EXAMPLE 2. COMPUTATION OF DISTANCE AND HEIGHT FROM A SHORT BASE BY SLIDE RULE
|
1. To fix C |
Cake |
Nordenskjolo |
|
2. From A |
Brogger South |
Brogger South |
|
3. And B |
Scree |
Scree |
|
4. Obsd. H at A |
136 21 17 |
345 01 18 |
|
5. R.O. |
01 19 46 |
01 19 57 |
|
6. Az. Corn. (from Sun azimuth) |
6 04 36 |
06 04 47 |
|
7. Obsd. H at B |
140 59 20 |
342 14 07 |
|
8. R.O. |
284 48 45 |
284 49 14 |
|
9. Az. Corn. |
8 02 08 |
08 02 37 |
|
10. Azimuth AC (4-6) |
130 16 41 |
338 56 31 |
|
11. Azimuth BC (7-9) |
132 57 12 |
334 11 30 |
|
12. Difference (11-10) |
2 40 31 |
4 45 01 |
|
33 30 04 |
117 50 06 |
|
|
14. |
143 49 25 |
57 24 53 |
|
15. Sum = 180' (Check) |
180 00 00 |
180 00 00 |
|
16. Dist.
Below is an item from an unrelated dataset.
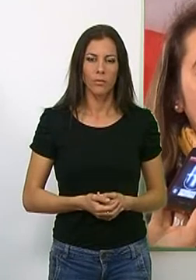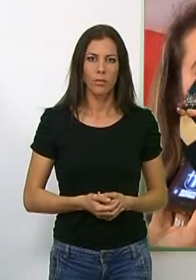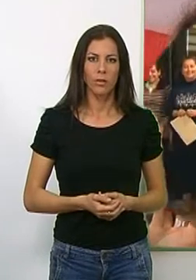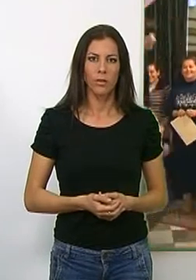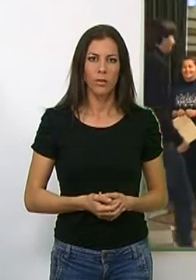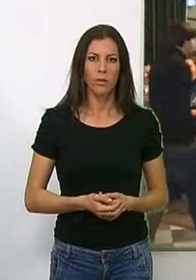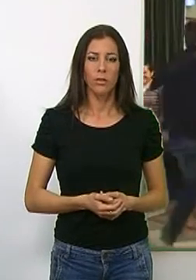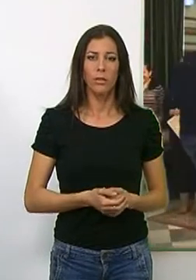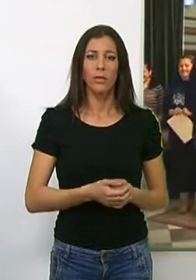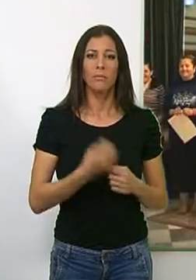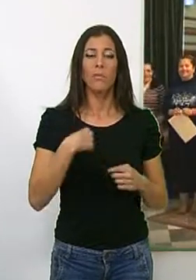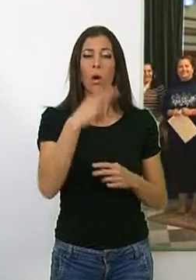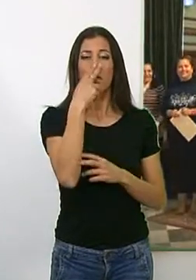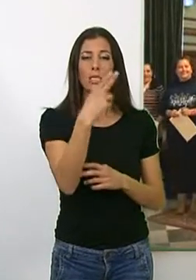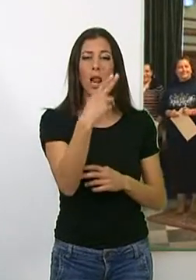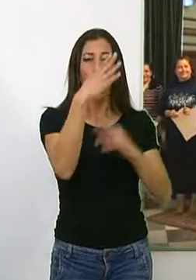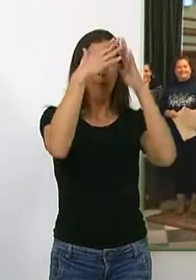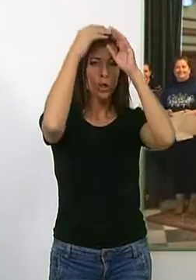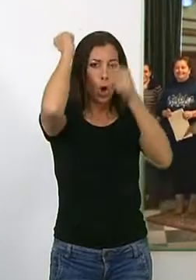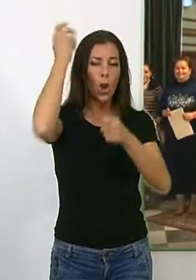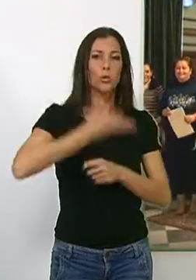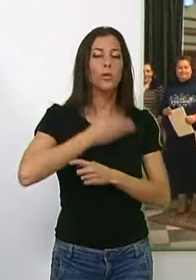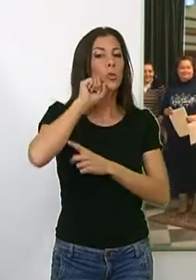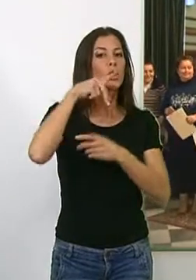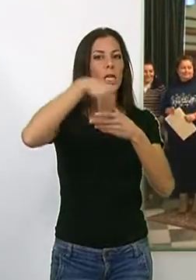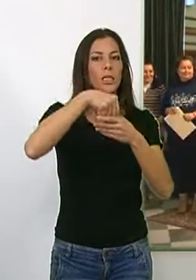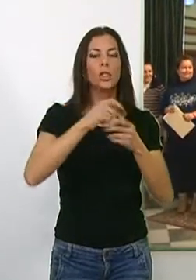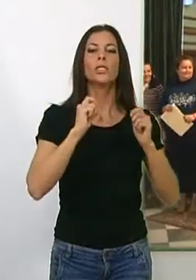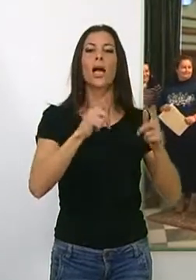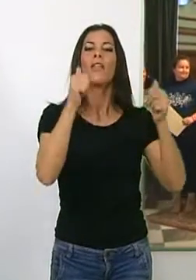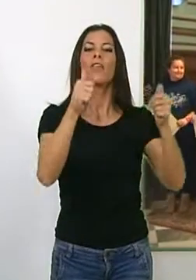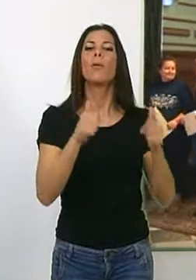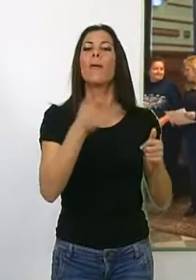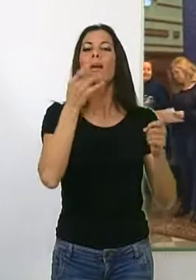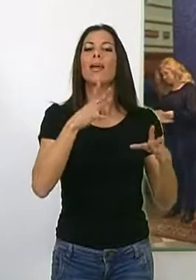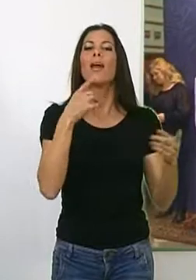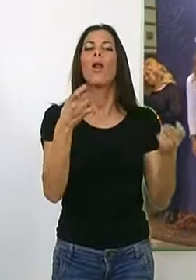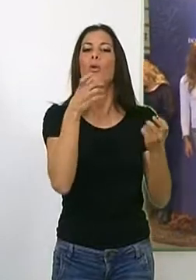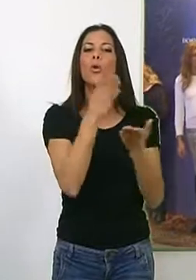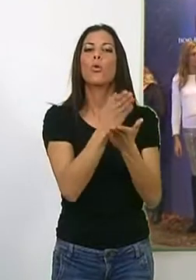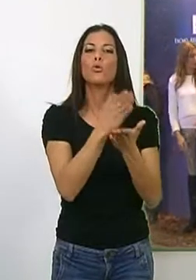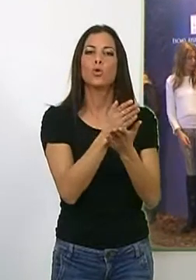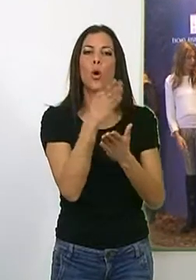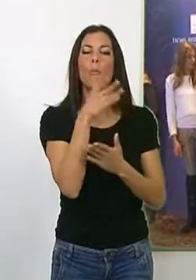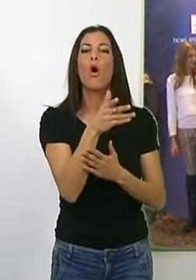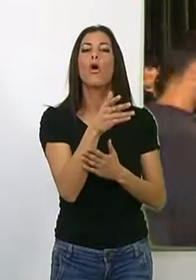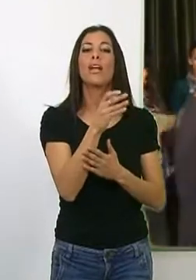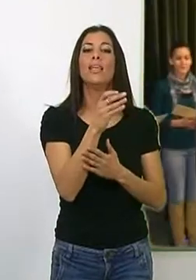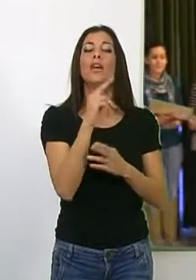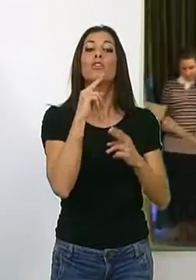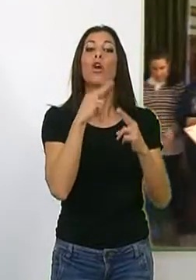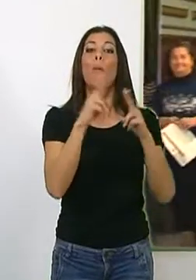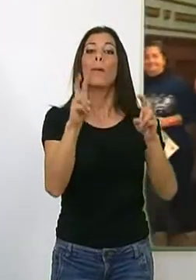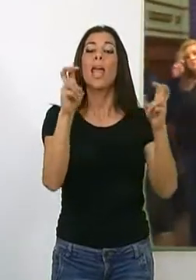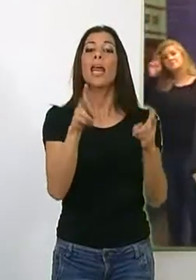Ha tenido lugar en el salón de protocolos del Ayuntamiento de Motril la entrega de diplomas a los alumnos ante el curso del impuesto de la

AB |
3 632 |
3 632 |
|
17. Dist. AC (Sine Formula) |
45 900 |
36 820 |
|
18. Dist. BC |
42 920 |
38 700 |
|
19. Obsd. V at A± |
+06 38 02 |
+08 58 24 |
|
20. Refraction |
3 15 |
2 36 |
|
21. VA |
6 41 17 |
09 01 00 |
|
22. Obsd. V at B± |
+ 6 11 07 |
7 32 43 |
|
23. Refraction |
3 02 |
2 44 |
|
24. VB |
6 14 09 |
7 35 27 |
|
25. rH AC (Dist. AC tan VA) |
5385 |
5845 |
|
26. Ht A |
1823 |
1823 |
|
27. r H BC (Dist. BC tan VB) |
4685 |
5155 |
|
28. Ht. B |
2515 |
2515 |
|
29. Ht. from A (25+26) |
7208 |
7668 |
|
30. Ht. from B (27+28) |
7200 |
7670 |
|
31. Mean |
7204 |
7669 |
If a sun azimuth is taken at one base station, only one of the out-stations needs to have been previously fixed, and all the new work is plottable. This technique would be admirably suited to the survey of neighbouring glacier basins separated by inaccessible ridges - see Fig. 4.
We did not have a subtense bar, but sometimes wished we had. In a country where surface taping was less easy, a bar would probably have been worth its weight.